[[ Task inputs, beginning ]]

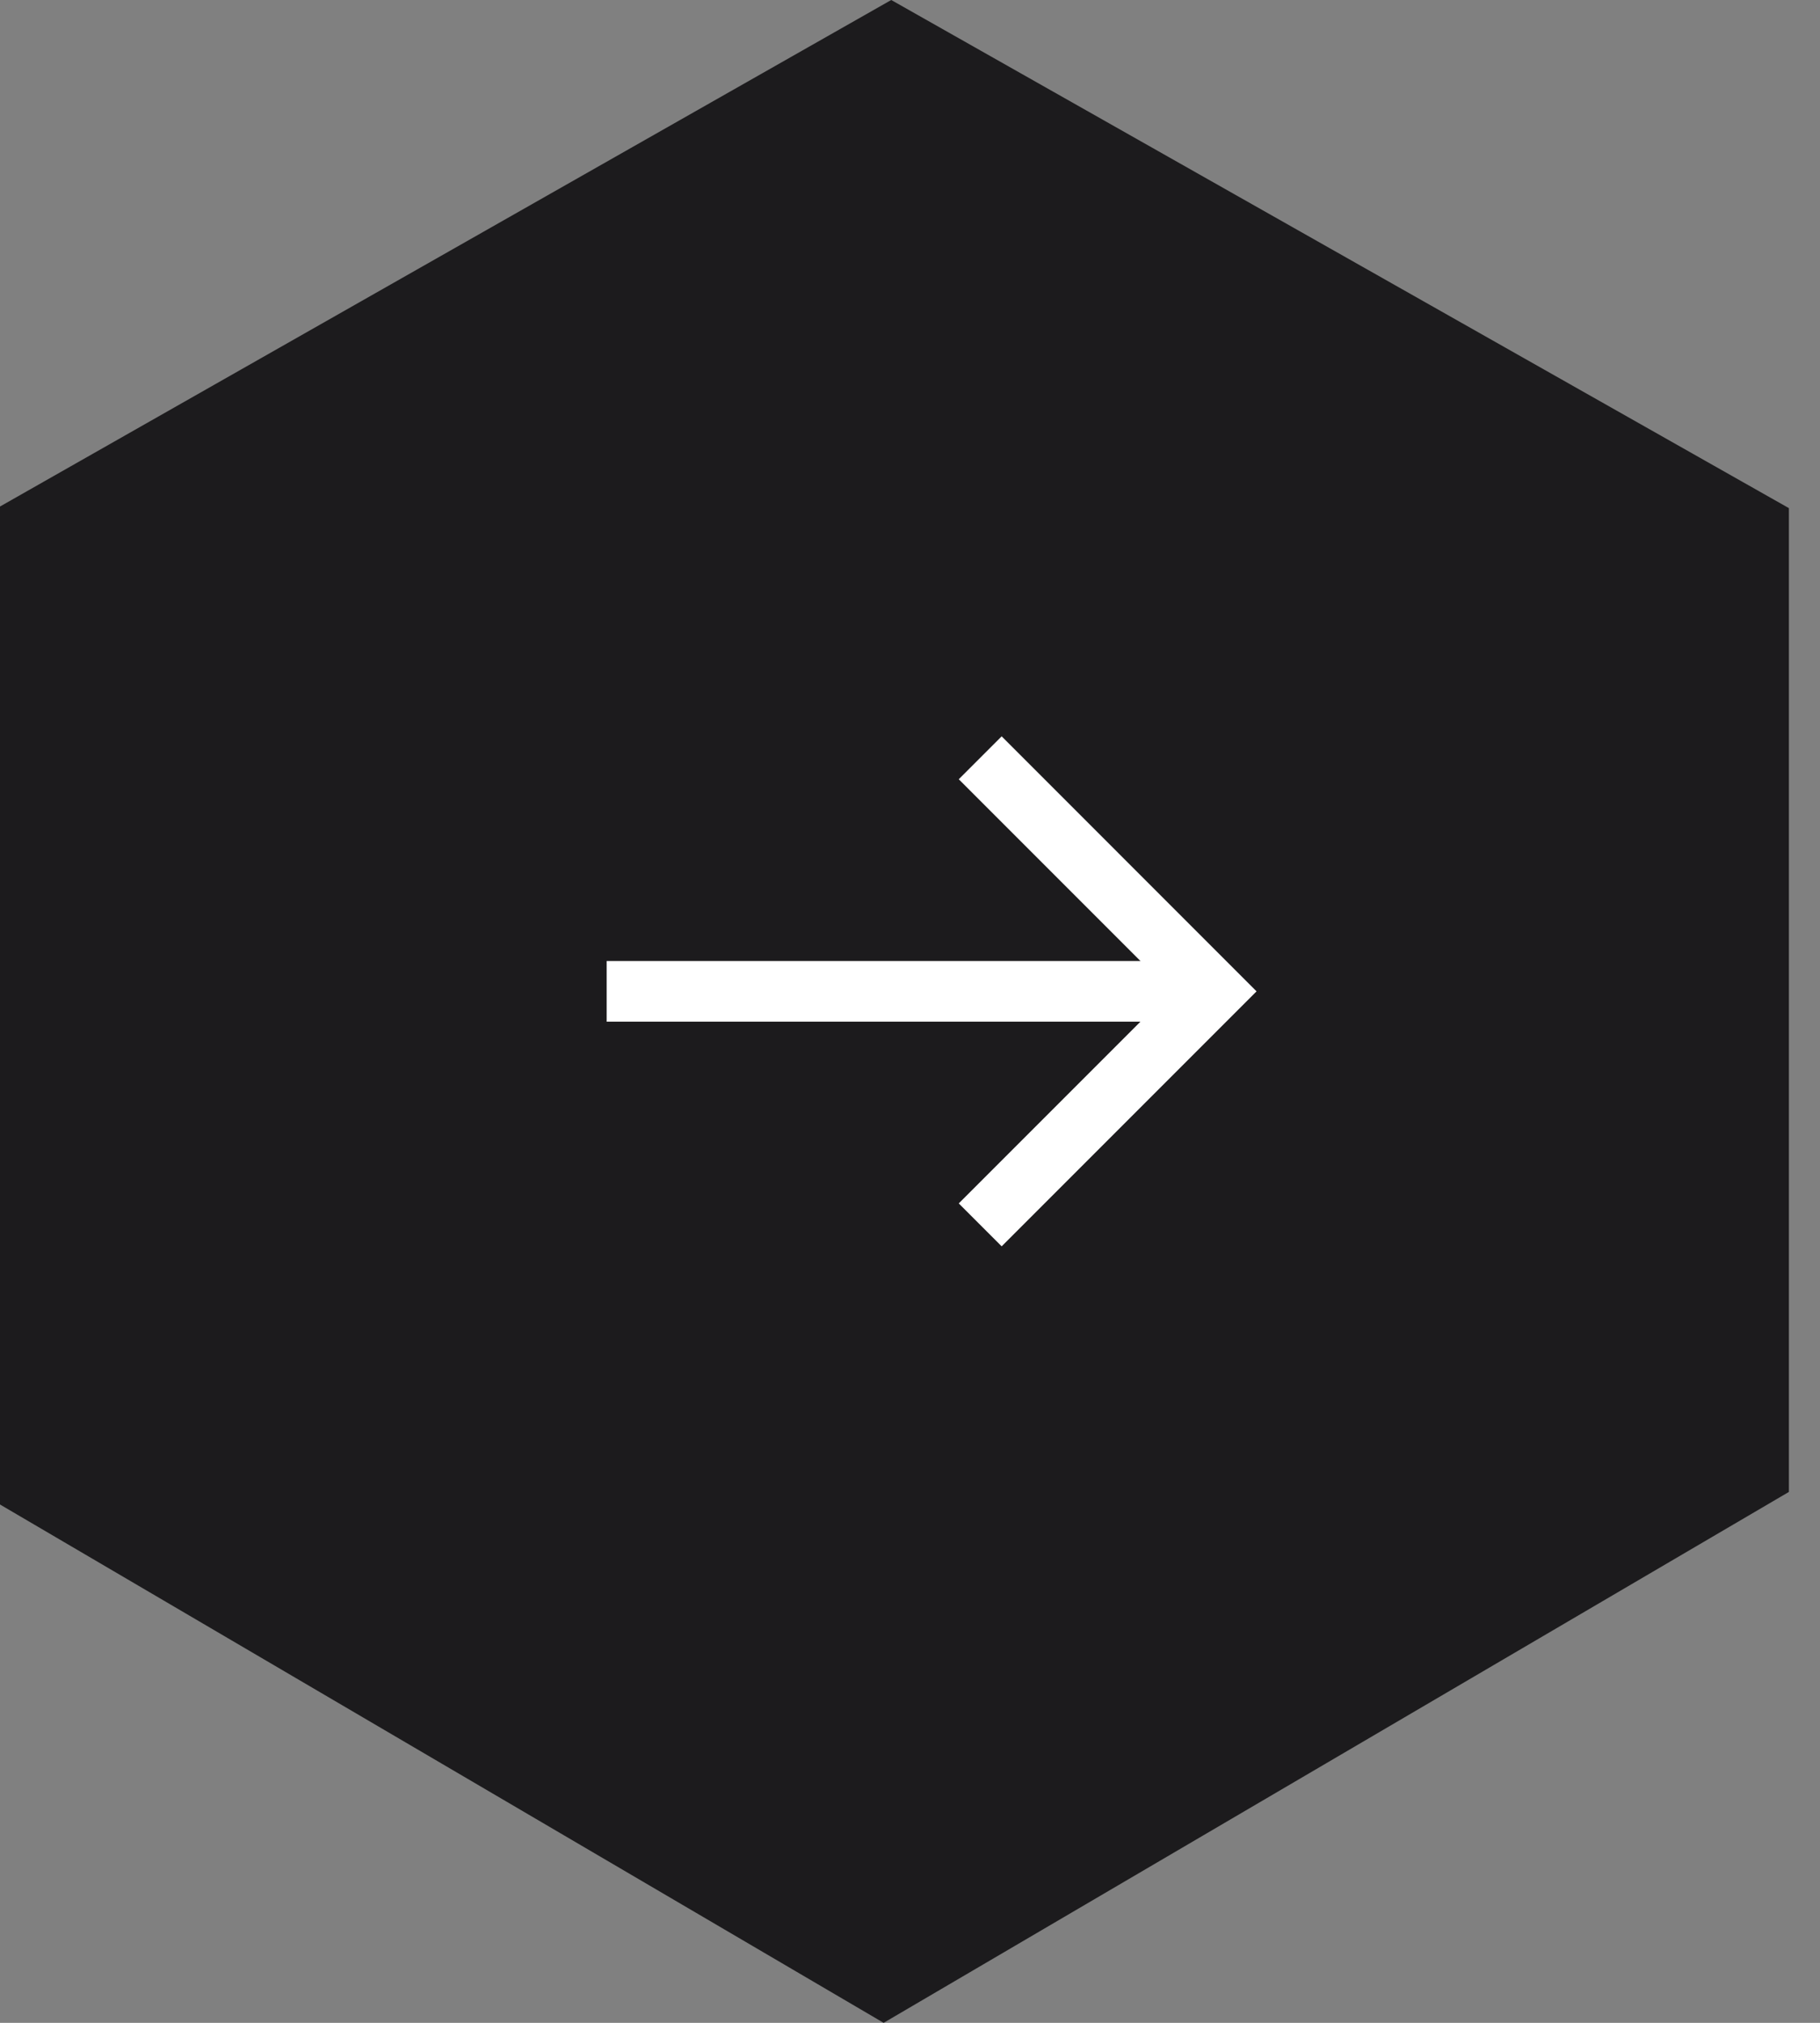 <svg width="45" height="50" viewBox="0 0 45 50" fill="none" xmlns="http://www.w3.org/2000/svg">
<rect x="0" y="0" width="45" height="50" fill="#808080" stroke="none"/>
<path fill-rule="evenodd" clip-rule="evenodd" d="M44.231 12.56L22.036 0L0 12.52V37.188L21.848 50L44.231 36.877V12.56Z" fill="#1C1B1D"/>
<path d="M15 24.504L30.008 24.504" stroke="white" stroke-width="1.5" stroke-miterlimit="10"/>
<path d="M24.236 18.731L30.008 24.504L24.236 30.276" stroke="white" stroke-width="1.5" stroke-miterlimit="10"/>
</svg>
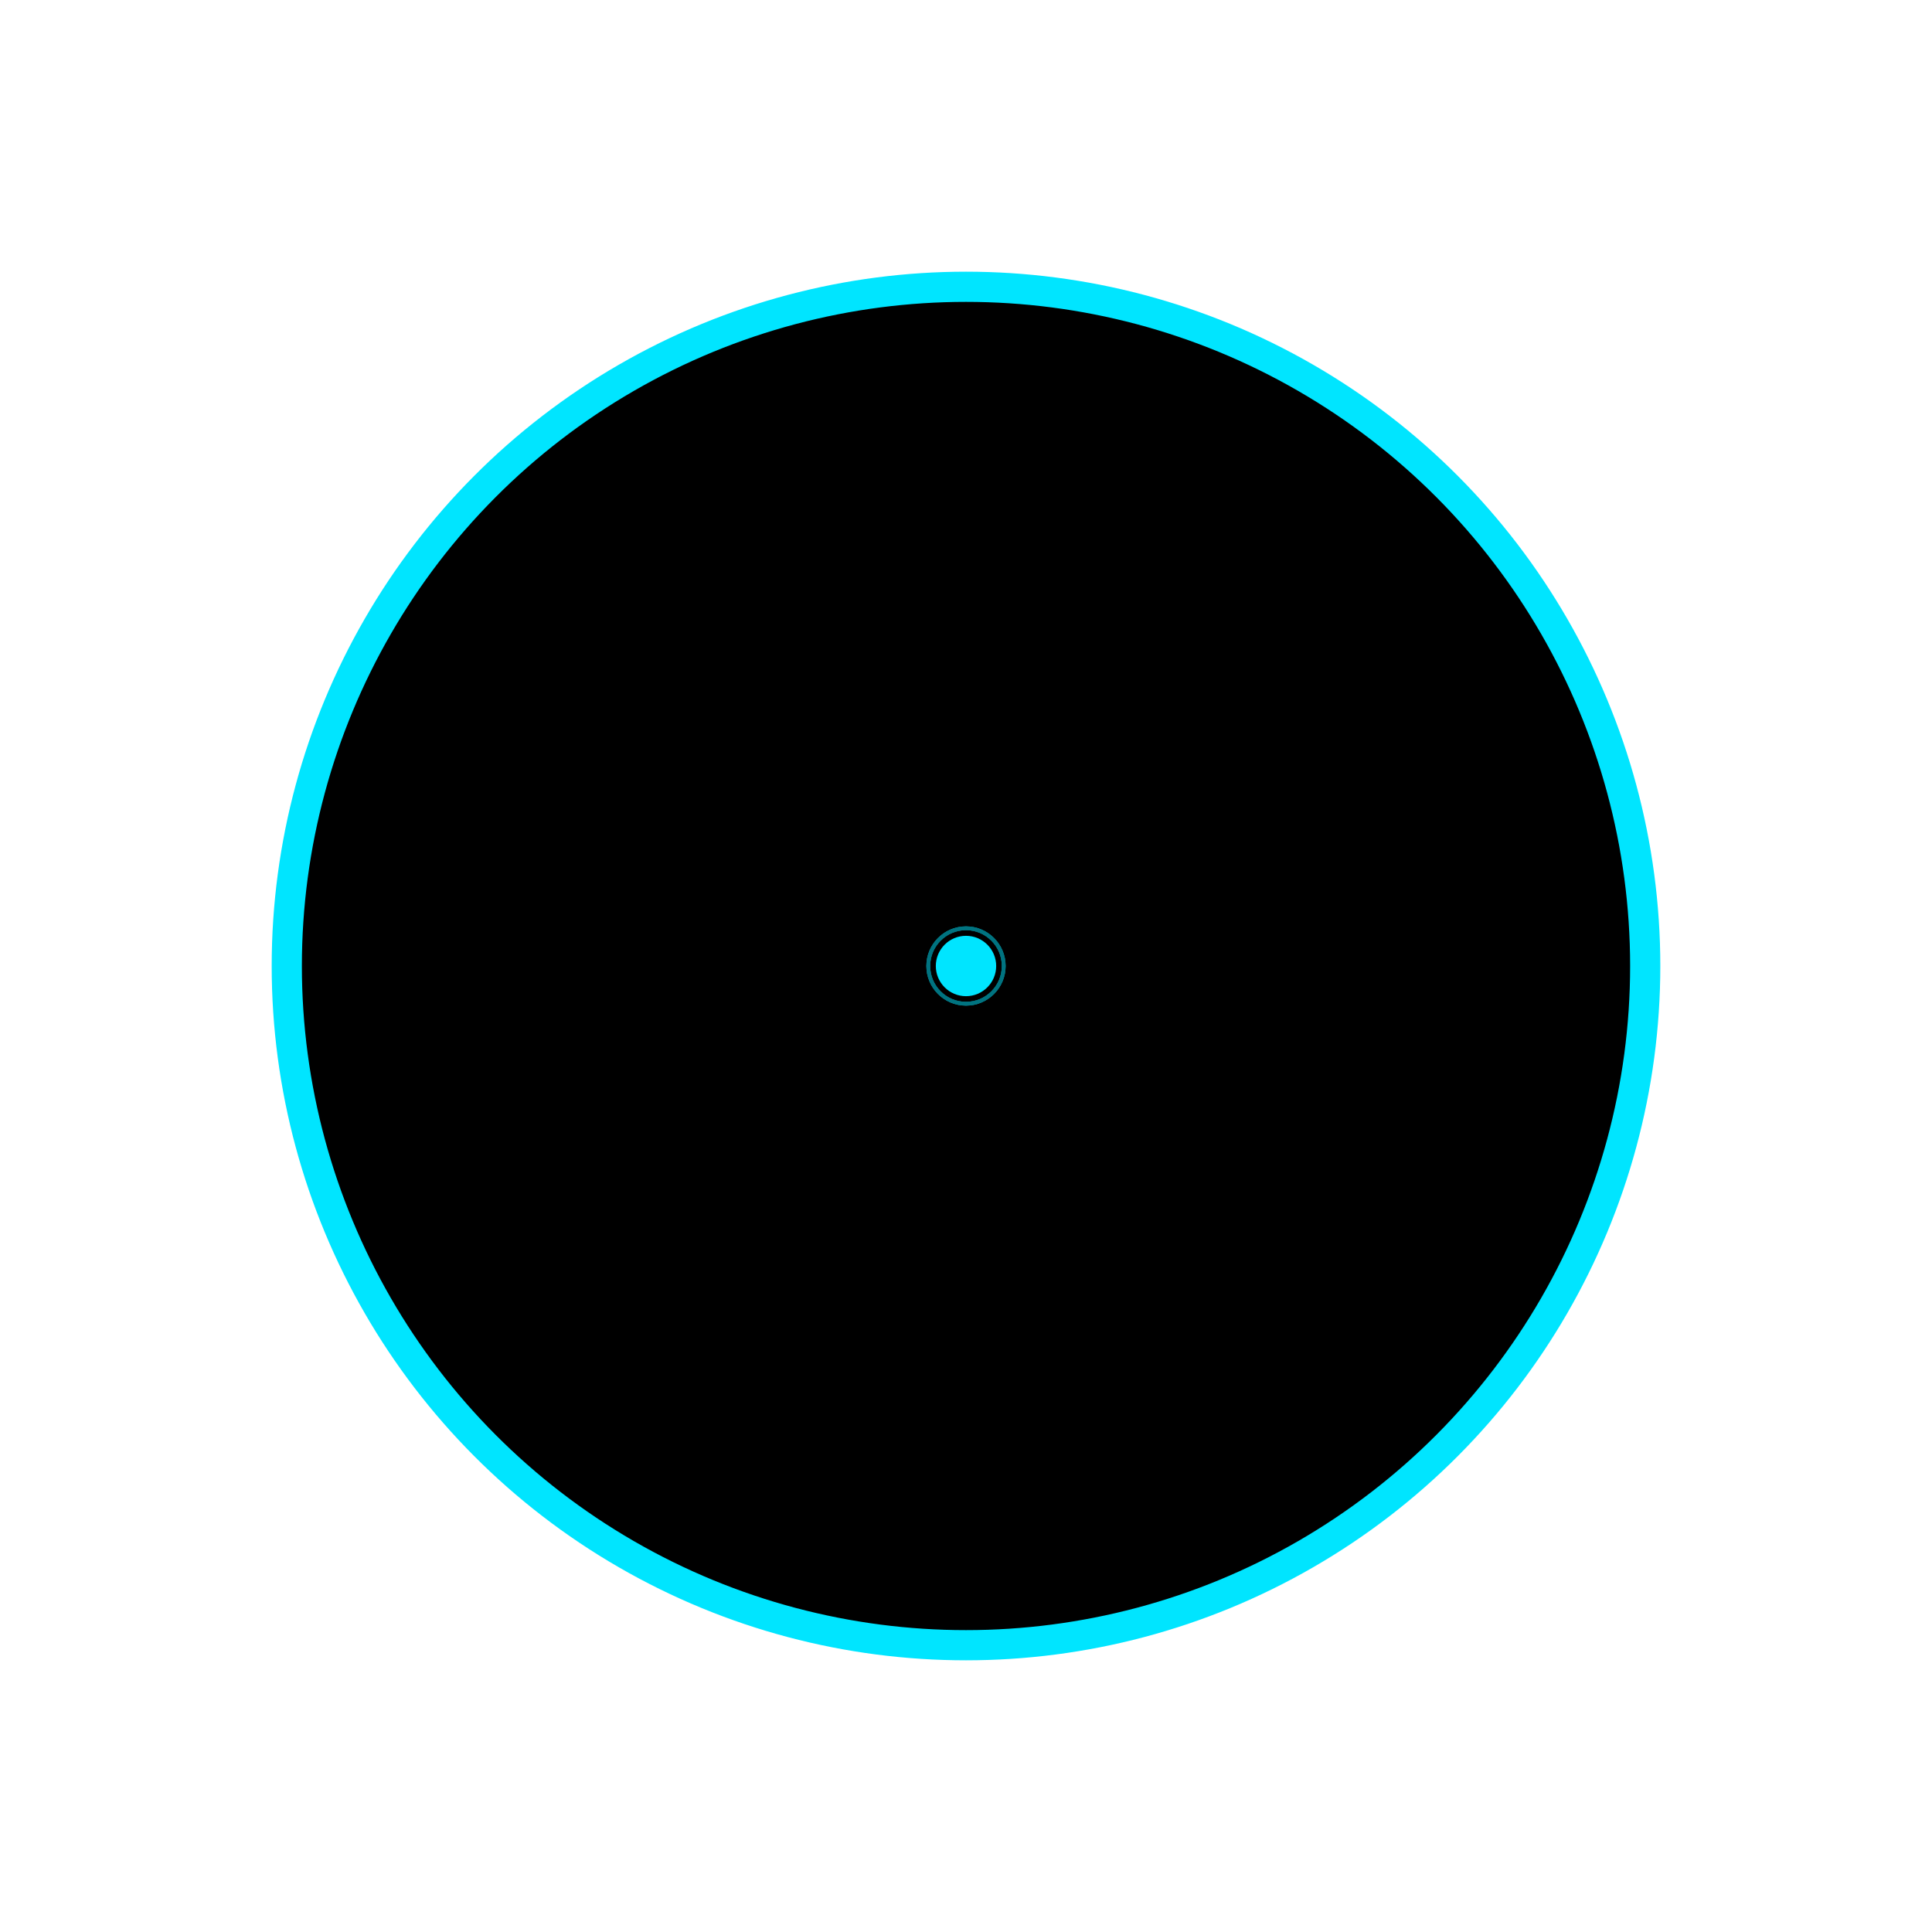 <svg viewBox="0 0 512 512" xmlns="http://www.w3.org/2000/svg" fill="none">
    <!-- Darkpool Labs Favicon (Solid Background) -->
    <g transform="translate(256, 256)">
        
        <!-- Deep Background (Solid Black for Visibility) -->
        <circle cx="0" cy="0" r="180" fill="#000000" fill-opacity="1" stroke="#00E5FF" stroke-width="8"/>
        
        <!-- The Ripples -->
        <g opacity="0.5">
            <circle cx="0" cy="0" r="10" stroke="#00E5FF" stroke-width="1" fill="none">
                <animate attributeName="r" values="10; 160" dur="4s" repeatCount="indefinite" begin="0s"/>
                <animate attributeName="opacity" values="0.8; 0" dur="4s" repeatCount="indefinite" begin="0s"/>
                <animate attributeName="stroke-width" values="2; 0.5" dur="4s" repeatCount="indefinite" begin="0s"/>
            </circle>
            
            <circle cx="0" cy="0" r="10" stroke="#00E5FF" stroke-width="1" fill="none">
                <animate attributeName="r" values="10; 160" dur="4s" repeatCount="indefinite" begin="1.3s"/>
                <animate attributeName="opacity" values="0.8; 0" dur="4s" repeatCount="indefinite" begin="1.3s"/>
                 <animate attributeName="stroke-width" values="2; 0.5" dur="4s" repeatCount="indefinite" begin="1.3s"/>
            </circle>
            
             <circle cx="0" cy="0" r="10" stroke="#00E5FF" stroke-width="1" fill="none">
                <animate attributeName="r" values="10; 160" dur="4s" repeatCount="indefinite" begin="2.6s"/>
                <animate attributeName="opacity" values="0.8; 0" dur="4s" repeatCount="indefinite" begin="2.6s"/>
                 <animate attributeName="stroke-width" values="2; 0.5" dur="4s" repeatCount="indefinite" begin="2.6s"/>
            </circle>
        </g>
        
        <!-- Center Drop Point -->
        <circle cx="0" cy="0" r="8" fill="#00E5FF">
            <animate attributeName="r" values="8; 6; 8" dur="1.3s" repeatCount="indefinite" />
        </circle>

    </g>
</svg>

[[ Task inputs, end ]]

Required action
Transcribe every line of the records exactly. Pictures do not belong in the copy.

Exercise response
 <svg width="45" height="50" viewBox="0 0 45 50" fill="none" xmlns="http://www.w3.org/2000/svg">
<rect x="0" y="0" width="45" height="50" fill="#808080" stroke="none"/>
<path fill-rule="evenodd" clip-rule="evenodd" d="M44.231 12.56L22.036 0L0 12.52V37.188L21.848 50L44.231 36.877V12.56Z" fill="#1C1B1D"/>
<path d="M15 24.504L30.008 24.504" stroke="white" stroke-width="1.5" stroke-miterlimit="10"/>
<path d="M24.236 18.731L30.008 24.504L24.236 30.276" stroke="white" stroke-width="1.5" stroke-miterlimit="10"/>
</svg>
 <svg viewBox="0 0 512 512" xmlns="http://www.w3.org/2000/svg" fill="none">
    <!-- Darkpool Labs Favicon (Solid Background) -->
    <g transform="translate(256, 256)">
        
        <!-- Deep Background (Solid Black for Visibility) -->
        <circle cx="0" cy="0" r="180" fill="#000000" fill-opacity="1" stroke="#00E5FF" stroke-width="8"/>
        
        <!-- The Ripples -->
        <g opacity="0.5">
            <circle cx="0" cy="0" r="10" stroke="#00E5FF" stroke-width="1" fill="none">
                <animate attributeName="r" values="10; 160" dur="4s" repeatCount="indefinite" begin="0s"/>
                <animate attributeName="opacity" values="0.8; 0" dur="4s" repeatCount="indefinite" begin="0s"/>
                <animate attributeName="stroke-width" values="2; 0.5" dur="4s" repeatCount="indefinite" begin="0s"/>
            </circle>
            
            <circle cx="0" cy="0" r="10" stroke="#00E5FF" stroke-width="1" fill="none">
                <animate attributeName="r" values="10; 160" dur="4s" repeatCount="indefinite" begin="1.3s"/>
                <animate attributeName="opacity" values="0.8; 0" dur="4s" repeatCount="indefinite" begin="1.3s"/>
                 <animate attributeName="stroke-width" values="2; 0.5" dur="4s" repeatCount="indefinite" begin="1.3s"/>
            </circle>
            
             <circle cx="0" cy="0" r="10" stroke="#00E5FF" stroke-width="1" fill="none">
                <animate attributeName="r" values="10; 160" dur="4s" repeatCount="indefinite" begin="2.6s"/>
                <animate attributeName="opacity" values="0.8; 0" dur="4s" repeatCount="indefinite" begin="2.6s"/>
                 <animate attributeName="stroke-width" values="2; 0.5" dur="4s" repeatCount="indefinite" begin="2.6s"/>
            </circle>
        </g>
        
        <!-- Center Drop Point -->
        <circle cx="0" cy="0" r="8" fill="#00E5FF">
            <animate attributeName="r" values="8; 6; 8" dur="1.3s" repeatCount="indefinite" />
        </circle>

    </g>
</svg>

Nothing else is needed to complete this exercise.